- Work request: The entries below contain a line with "Location: Roofed (Urban)" and a line with "Season: NotSpecified". Quote exactly those two lines and all lines between them.

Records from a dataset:
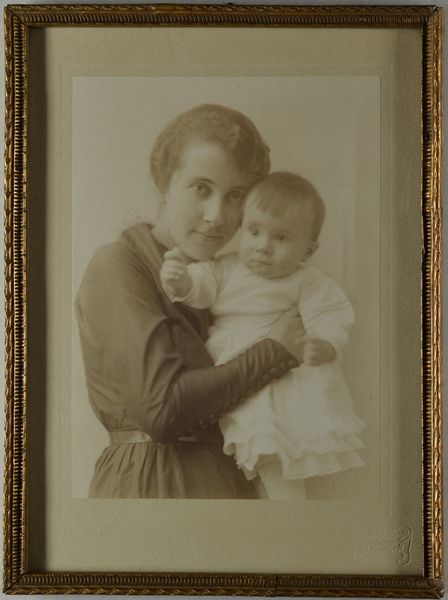
Titel: Porträt Carla Scholz mit Tochter Renate Scholz
Künstler: Minya Diez-Dührkoop
Standort: Hamburg
Institution: Museum für Kunst und Gewerbe Hamburg
Schlagwörter: frau, mutter, baby, foto, fotografie, photographie, doppelbildnis, doppelportrait, photo, lichtbild, bildwerke, angewandte und bildende kunst, hessische systematik, säugling, schwarzweißpositivverfahren, silbersalzverfahren, schwarzweißfotografie, porträtfotografie, porträtphotographie, doppelporträt, barytpapier
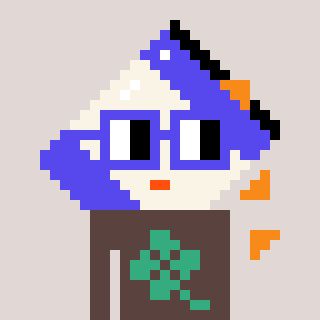
a pixel art character with square blue glasses, a chips-shaped head and a darkbrown-colored body on a warm background
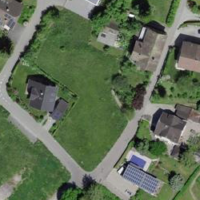
EUNIS habitat code: 55
Species observed at this site:
Milvus milvus
Phalacrocorax carbo
Ranunculus acris
Centaurea scabiosa
Mahonia aquifolium
Nicandra physalodes
Macroglossum stellatarum
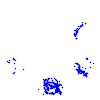
Particle: kaon
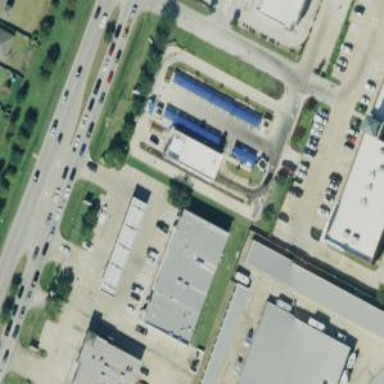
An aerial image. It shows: Convenience shop.
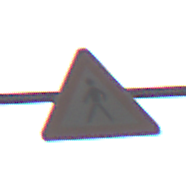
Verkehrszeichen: FussgaengerRechts
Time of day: MorningAfternoon
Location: Roofed (Urban)
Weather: PartlyCloudy
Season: NotSpecified
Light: Natural
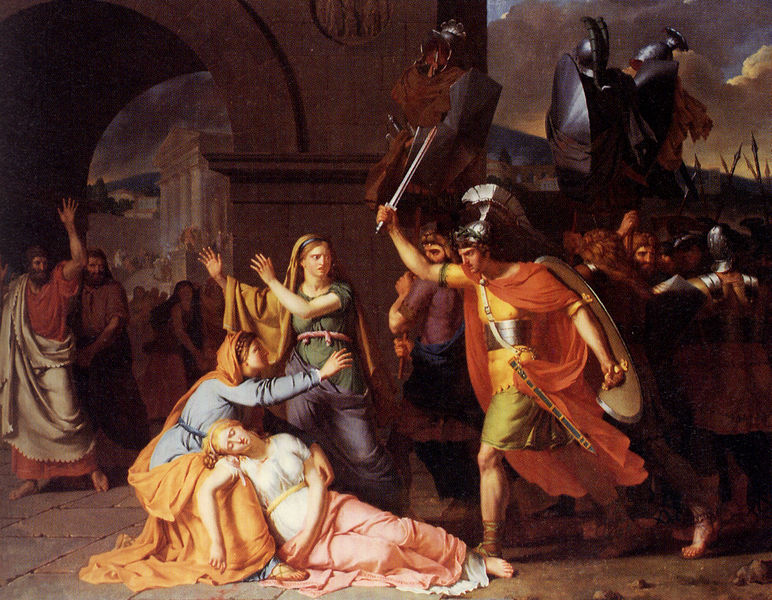
Titel: Death of Camilla, Camilla stirbt
Künstler: Anne Louis Girodet Trioson
Standort: Montargis
Institution: Musée Girodet
Schlagwörter: angriff, blau, dunkel, gemälde, gewitter, gruppe, himmel, kampf, kämpfer, mann, umhang, weiß, wolken, frauen, gelb, grün, menschen, stadt, frau, kleid, licht, männer, nacht, orange, schwarz, szene, säulen, gebäude, gürtel, rot, schleier, tuch, malerei, architektur, arme, barock, bibel, geschichte, hinrichtung, historie, leiche, messer, mord, stein, steine, tod, tot, hände, boden, gewand, mantel, gewänder, klassizismus, renaissance, rosa, hellblau, relief, liegen, bogen, farben, mauer, angst, krieg, schlacht, treppe, soldaten, woken, metall, sandalen, scheide, tor, barfuss, schild, antike, burg, religion, torbogen, liegende, schwert, schwerter, uniform, waffen, soldat, tote, verletzte, panik, helm, ritter, heer, rüstung, rom, römer, bedrohung, antik, griechen, hilfe, toga, flehen, krieger, lanzen, tempel, speere, steinboden, david, verwundete, ohnmacht, sten, mörder, schutz, römisch, forum romanum, abwehr, triumphbogen, schilde, overbeck, szenenlicht, gnade, feldherren, heldin, schert, agst, aufruhe, bogent, centurio, historenienschinken, pousisn, schilö, sömer, ttempel, einhalt, tuika, gebieten
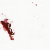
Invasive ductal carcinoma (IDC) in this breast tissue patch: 0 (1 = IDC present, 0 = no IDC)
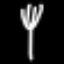
Label: fork
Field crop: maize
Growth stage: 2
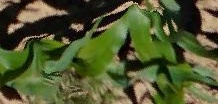
Species: maize
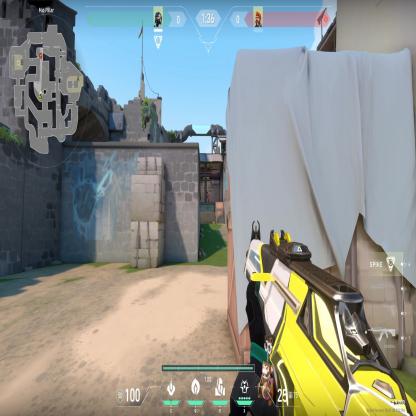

- Response to the exercise:
Location: Roofed (Urban)
Weather: PartlyCloudy
Season: NotSpecified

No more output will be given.